И это так приятно - везти их, таких солнечных.
   Моя доченька - девочка с потрясающим аппетитом. Ей вкусно все - звуки, краски, запахи, прикосновения рук, воды, травы, ветра.
Недавно мы попали с ней на уличный концерт. Услышав живую музыку, дочка замерла. Время от времени она протяженно вздыхала и бросала на нас, родителей, счастливый и удивленный взгляд, как на соучастников всего этого волшебства. Видали, что делается? Это ж они, эти дяди и тети, из этих трубочек и деревяшек вот эти звуки вынимают и нам дают. А мы берем, и нам вкусно.
Она обожает книги. Несет книгу, берет меня за руку и кладет на обложку. И сама поуютнее присаживается рядышком. Давай, мамочка, листай, рассказывай. Досмотрели книжку до конца. Берет мою руку и снова кладет на обложку: Начнем сначала, ведь это так интересно.
   Просто диву даешься, как легко и непринужденно выстраивает она отношения между собой и окружающим миром. Будь то музыка, папа, кубик или песок на пляже.
   Папа - это отдельная тема. Она слышит его шаги издалека, он еще не подошел к подъезду, а она уже бежит к дверям: Папа, папа, папа. (Почему-то шепотом, с придыханием). И сколько ликованья, сколько счастья, когда распахивается дверь, и на пороге ПАПА! Как же он гордится тем, что его ТАК встречают.
   О дочке я могу говорить бесконечно. О ней и о внуке.
Если моя маленькая дочка - ученый, который делает по сто открытий в день, то внук - общественный деятель. Он может обаять любого, даже питона в дендрарии, до которого он хочет достучаться через толстое стекло, так обидно разделяющее их.
   Он стоит, все время пританцовывая. Он открыт, ясен и доброжелателен, как депутат, куда-то все время баллотирующийся.
Первое время они играли каждый сам по себе, а сейчас уже начинаются ролевые игры.
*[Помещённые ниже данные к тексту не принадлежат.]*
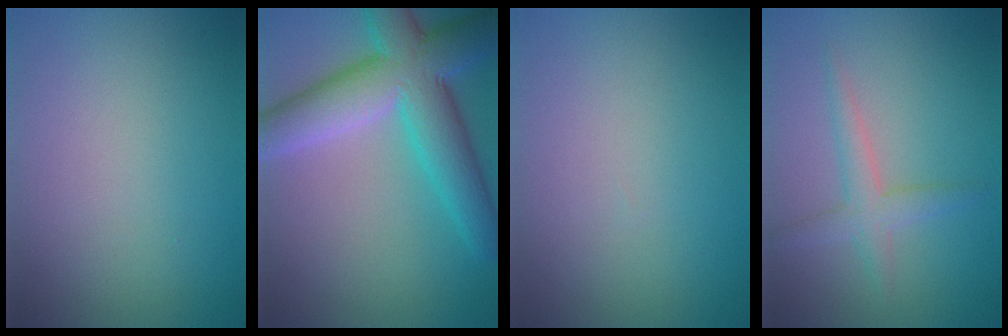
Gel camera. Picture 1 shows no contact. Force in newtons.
{"total": 9.4, "press": 9.4, "slide": 0.3}
{"total": 0.0}
{"total": 2.4, "press": 2.4, "slide": 0.1}

Быстро-быстро моя доченька убегает от своего племянника, и поджидает его в какой-нибудь из комнат, а когда он, медлительный, нерасторопный, приближается к ней, как же она вскрикивает, хохочет, якобы от внезапности его появления! Испанка и финн, если говорить о темпераменте.
Нет ничего на свете интереснее, чем наблюдать за
этими двумя солнечными чудами.
   Внук поначалу не очень-то принимал взрослую еду - отказывался, выплевывал, давился, уж очень ему нравилось мамино молоко. Но, глядя, с каким удовольствием ест моя дочка, и он начал есть все подряд.
   Как они похожи на галчат, когда широко открывают рты, дождавшись своей очереди.
На днях посадила их за стол, перед каждым тарелка с
кашей, зазвонил телефон, и я вышла из кухни. Когда вернулась, увидела потрясающую картину: дети кормили друг друга. И ведь попадали друг другу в рот, старательно вытягивая навстречу друг другу шеи.
   Если самостоятельность начинается с того, чтобы самостоятельно поесть, то у наших она началась с того, чтобы накормить другого. Шаг по лестнице вверх через ступеньку.
   Мы не сравниваем наших детей: кто, когда пошел, какой у кого вес, сколько зубов, слов, навыков.
   Мы не торопим события, мы просто наслаждаемся. 
Ура! У моей доченьки
прорезался первый зуб. Через месяц прорезался и у моего внука. Ура!
Ура! Мой внук научился сам залезать и слезать с кровати. Через неделю и дочка научилась. Ура! 
Ура! Мой внук пошел! Через четыре дня пошла и доченька. И не пошла, а сразу побежала! Ура!
Какая жизнь! И как много восторженного "Ура!" еще впереди!
 
  
  
  
  

 Ваша оценка:

Связаться с программистом сайта.

Новые книги авторов СИ, вышедшие из печати:
О.Болдырева "Крадуш. Чужие души" М.Николаев "Вторжение на Землю"

Как попасть в этoт список
Сайт - "Художники" .. || .. Доска об'явлений "Книги"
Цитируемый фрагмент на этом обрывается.